Enttäuscht zeigte sich der Deutsche Steuerberaterverband, dass der Entwurf eine Drohkulisse durch ein neues scharfes Sanktionsregime, eine Erweiterung von Mitwirkungspflichten und eine Schwächung der Beweiskraft der Buchführung aufbaue. Außenprüfungen würden in Deutschland zu spät beginnen und zu lange dauern. Jahrelanges Warten auf Rechtssicherheit, verbunden oftmals mit Zinsbelastungen, sei die Folge. Franziska Peters, Richterin am Finanzgericht Münster, erwartet von einigen Regelungen, dass es durch sie zu einer Beschleunigung der Außenprüfungen kommen werde. Es würden allerdings neue Rechtsunsicherheiten insbesondere mit Blick auf das „qualifizierte Mitwirkungsverlangen“ entstehen.

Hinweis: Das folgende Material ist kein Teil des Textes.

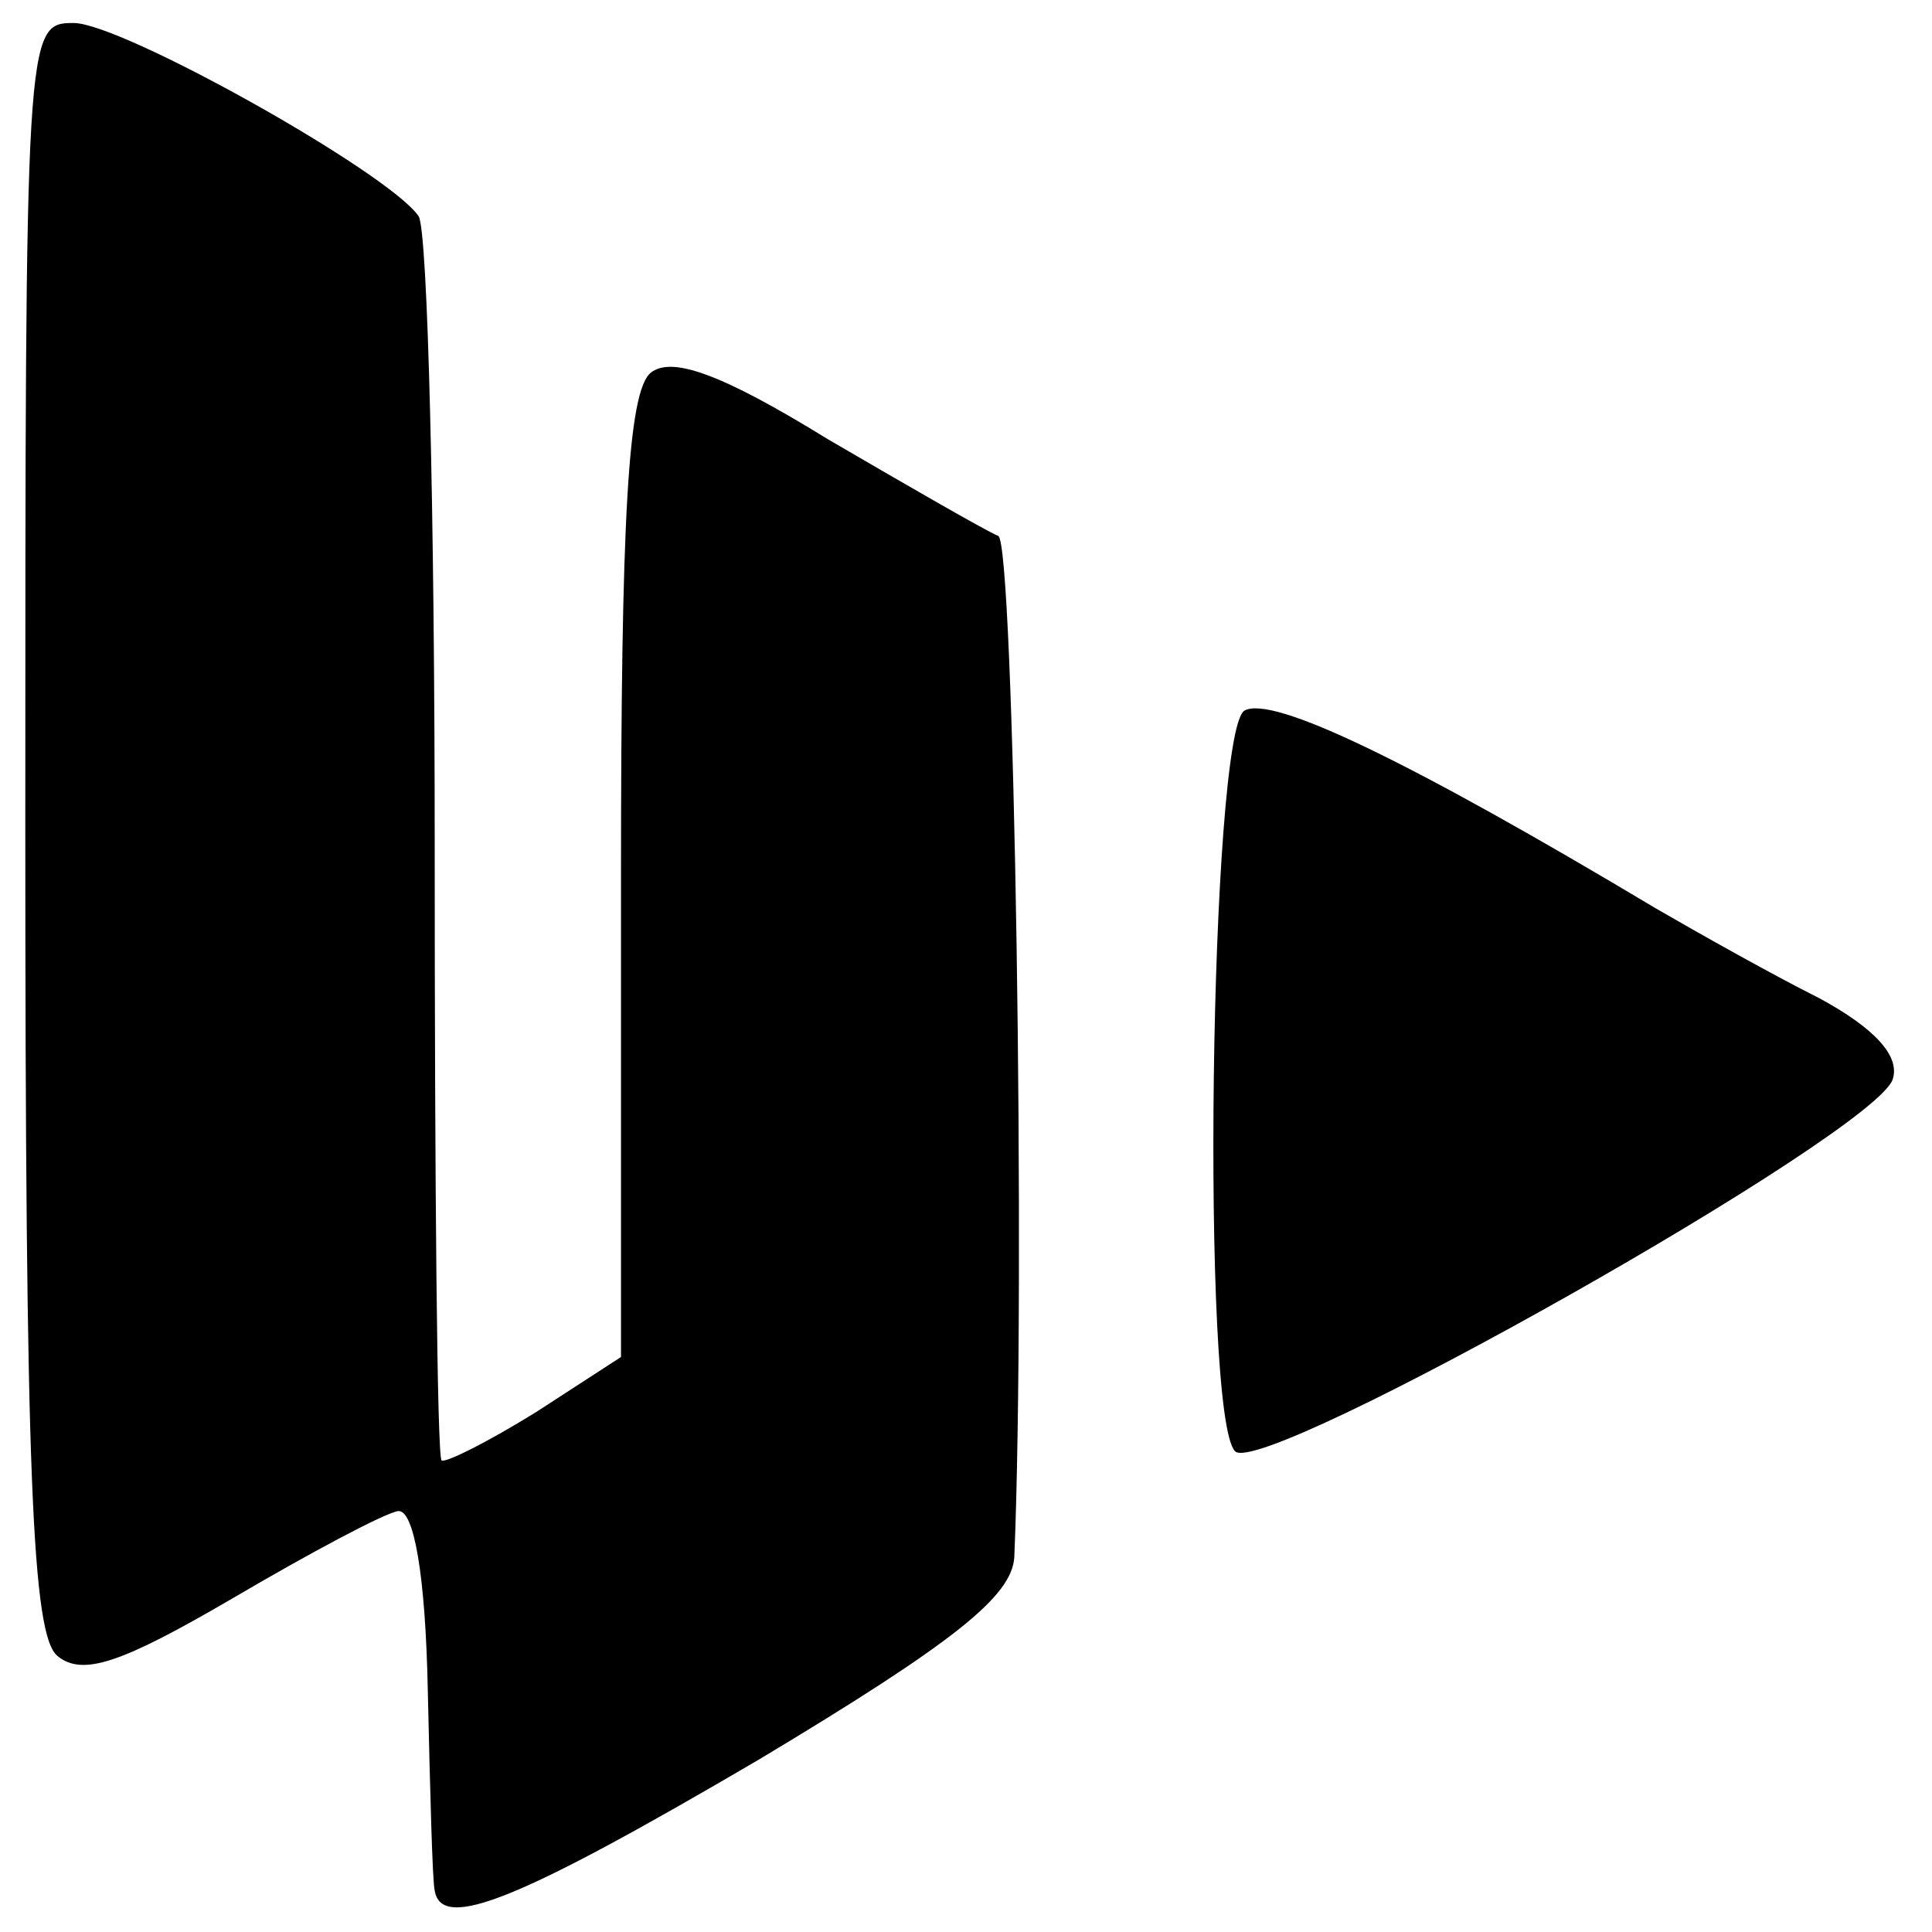 <?xml version="1.0" standalone="no"?>
<!DOCTYPE svg PUBLIC "-//W3C//DTD SVG 20010904//EN"
 "http://www.w3.org/TR/2001/REC-SVG-20010904/DTD/svg10.dtd">
<svg version="1.0" xmlns="http://www.w3.org/2000/svg"
 width="84pt" height="84pt" viewBox="0 0 84 84"
 preserveAspectRatio="xMidYMid meet">
<g transform="translate(0,84) scale(0.1,-0.1)"
fill="#000000" stroke="none">
<path d="M11 481 c0 -284 3 -352 14 -361 11 -9 28 -3 76 25 34 20 66 37 72 38
7 1 12 -28 13 -78 1 -44 2 -83 3 -87 3 -18 37 -4 141 57 85 51 110 71 111 88
5 119 0 442 -7 444 -5 2 -38 21 -74 42 -47 29 -68 36 -77 29 -10 -8 -13 -64
-13 -219 l0 -209 -37 -24 c-21 -13 -39 -22 -41 -21 -2 2 -3 122 -3 267 0 144
-3 268 -7 274 -13 19 -129 84 -150 84 -21 0 -21 -3 -21 -349z"/>
<path d="M541 531 c-15 -10 -19 -307 -4 -322 12 -12 280 139 286 162 3 10 -8
22 -32 35 -20 10 -52 28 -71 39 -107 64 -167 93 -179 86z"/>
</g>
</svg>
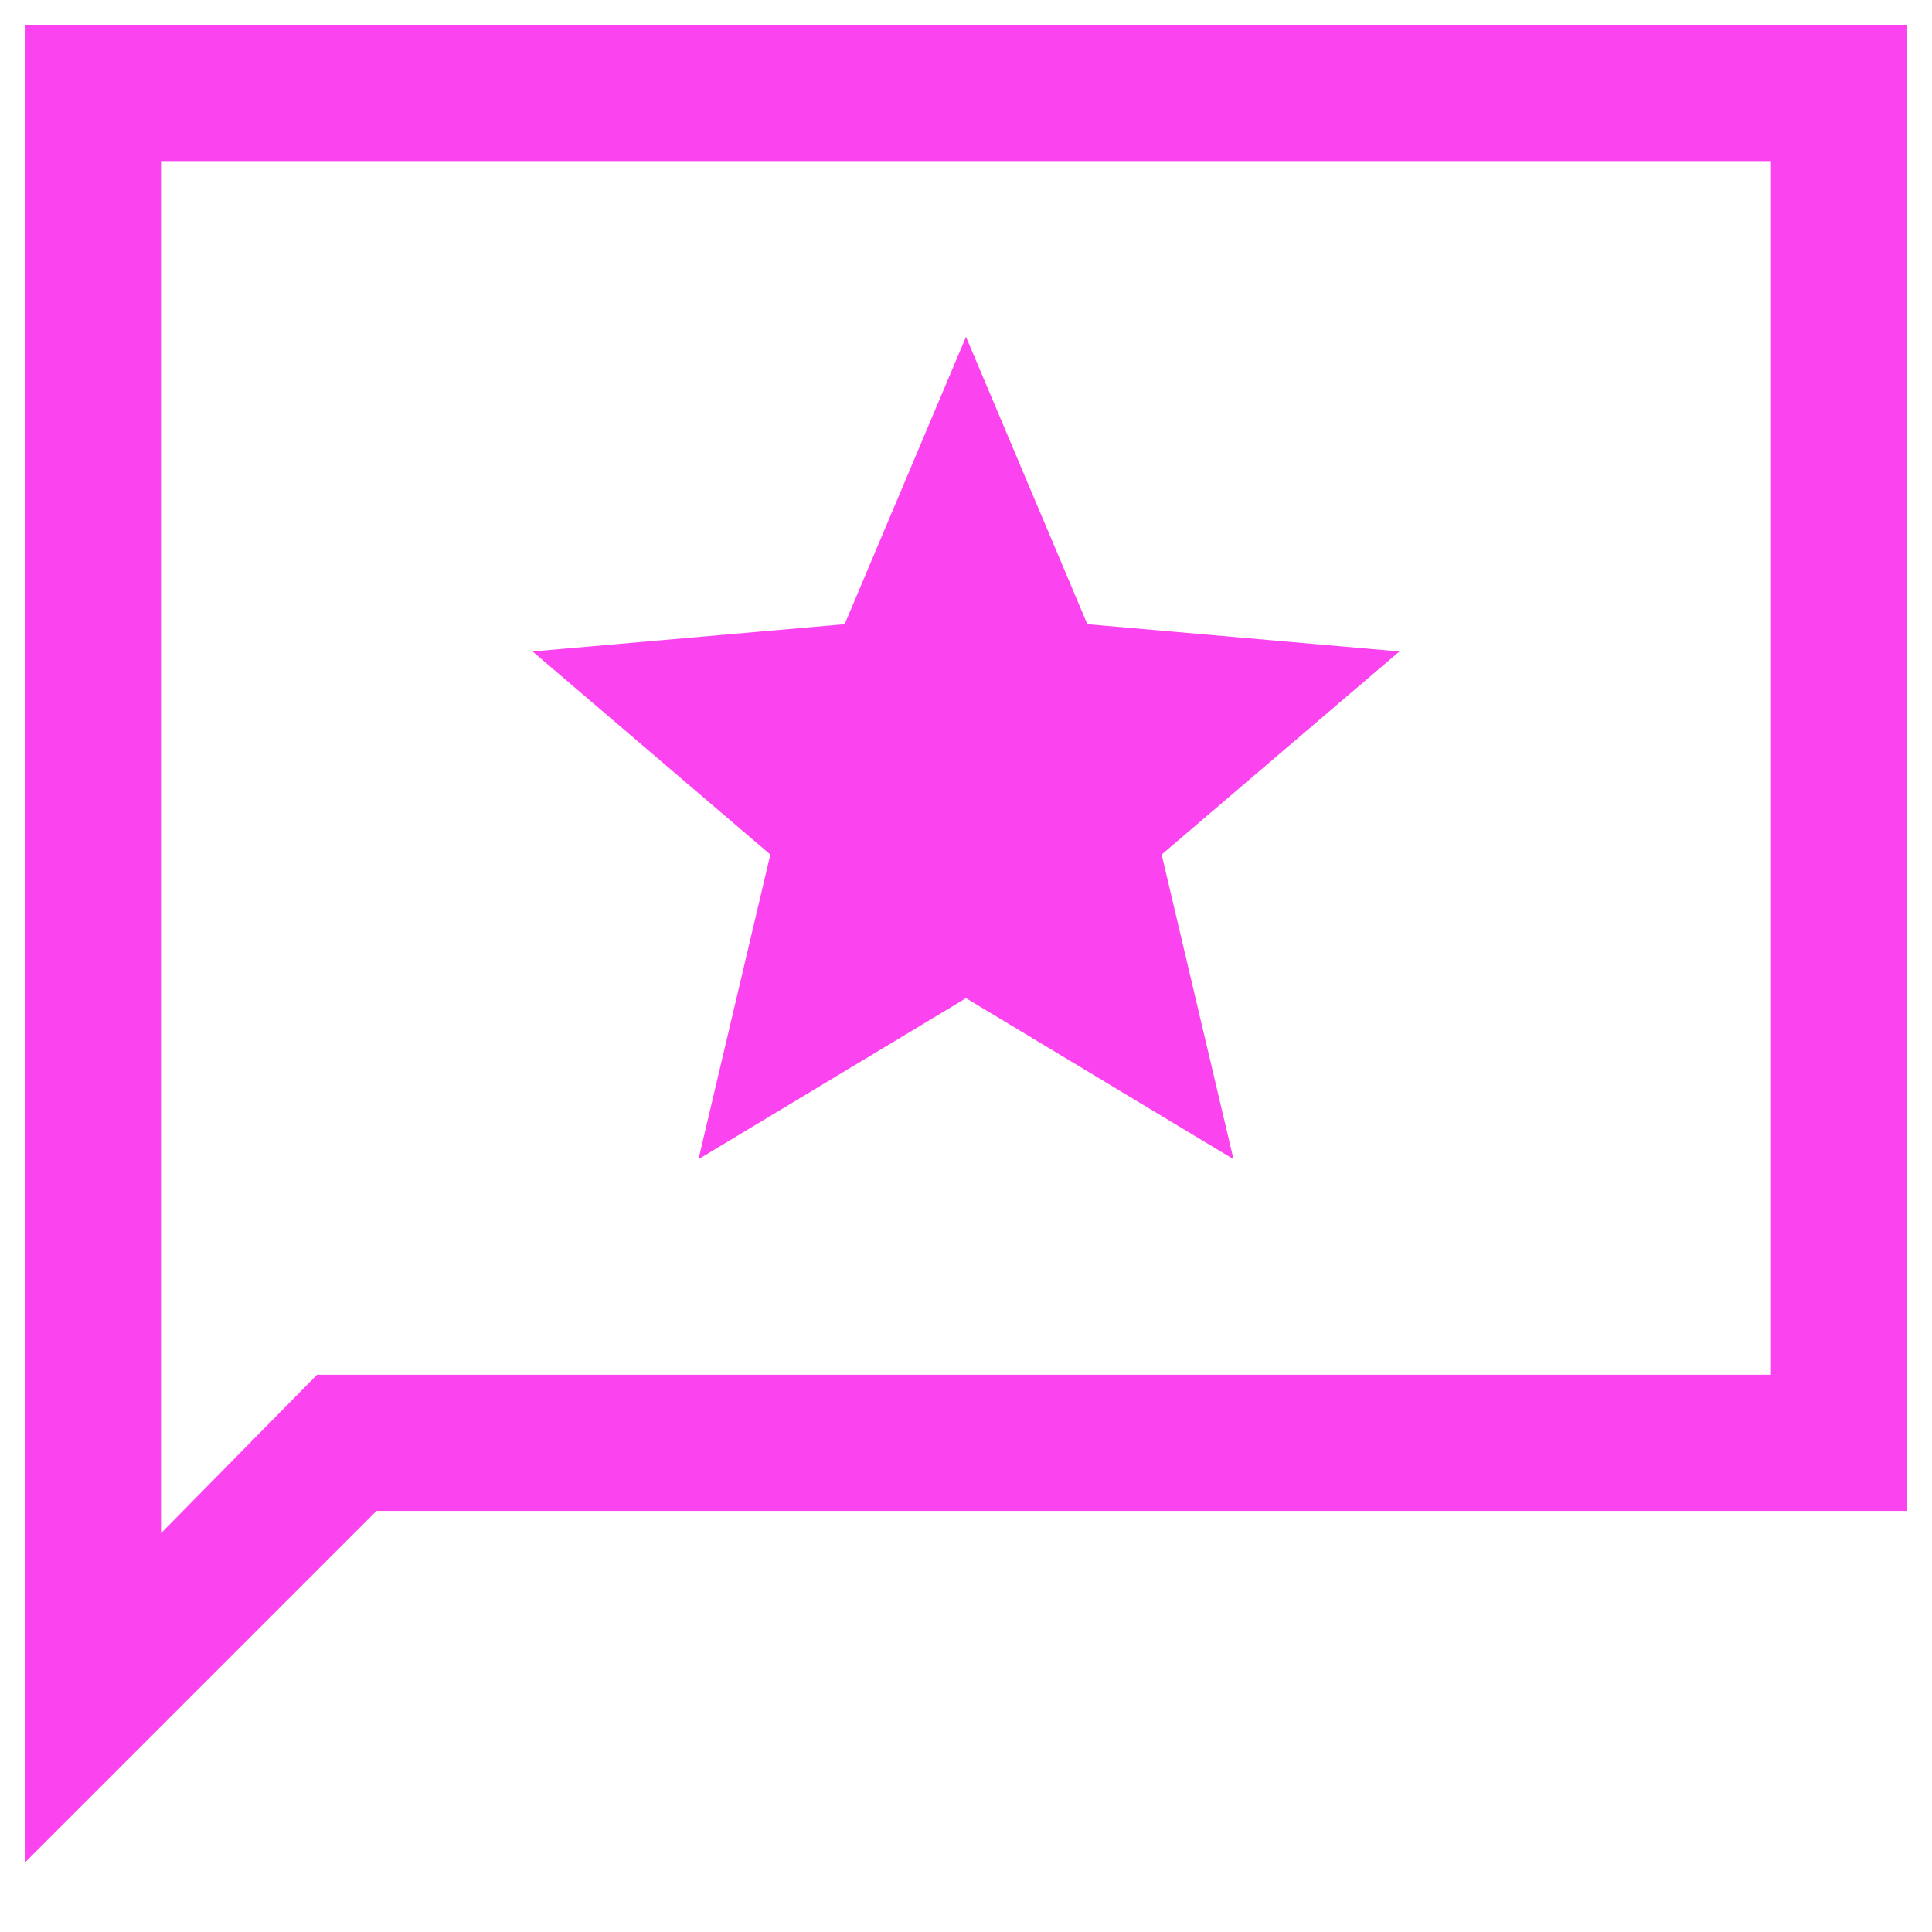 <svg width="26" height="26" viewBox="0 0 26 26" fill="none" xmlns="http://www.w3.org/2000/svg">
<path d="M9.4 15.6L13 13.433L16.6 15.6L15.633 11.5L18.833 8.767L14.633 8.4L13 4.533L11.367 8.4L7.167 8.767L10.367 11.5L9.4 15.6ZM0.333 25.067V0.333H25.667V20.333H5.067L0.333 25.067ZM4.267 18.5H23.833V2.167H2.167V20.633L4.267 18.5ZM2.167 18.5V2.167V18.5Z" fill="#FC43F0"/>
</svg>

Das Institut Finanzen und Steuern bemängelte, dem Ziel einer Modernisierung der Betriebsprüfung sei der Gesetzentwurf nur punktuell nachgekommen. Durch die geplanten erheblichen Verschärfungen der Mitwirkungspflichten und Sanktionstatbestände würden „einseitige Beschleunigungen vor dem Hintergrund einer ansteigenden Sanktionskulisse“ erschaffen. Das Institut für Digitalisierung im Steuerrecht begrüßte verschiedene Maßnahmen im Entwurf, kritisierte jedoch auch, dass der Regierungsentwurf keine übergreifende Strategie für die Digitalisierung der Außenprüfung erkennen lasse.
Die Deutsche Steuergewerkschaft bezeichnete diesen Teil des Gesetzentwurfs hingegen als guten Kompromiss.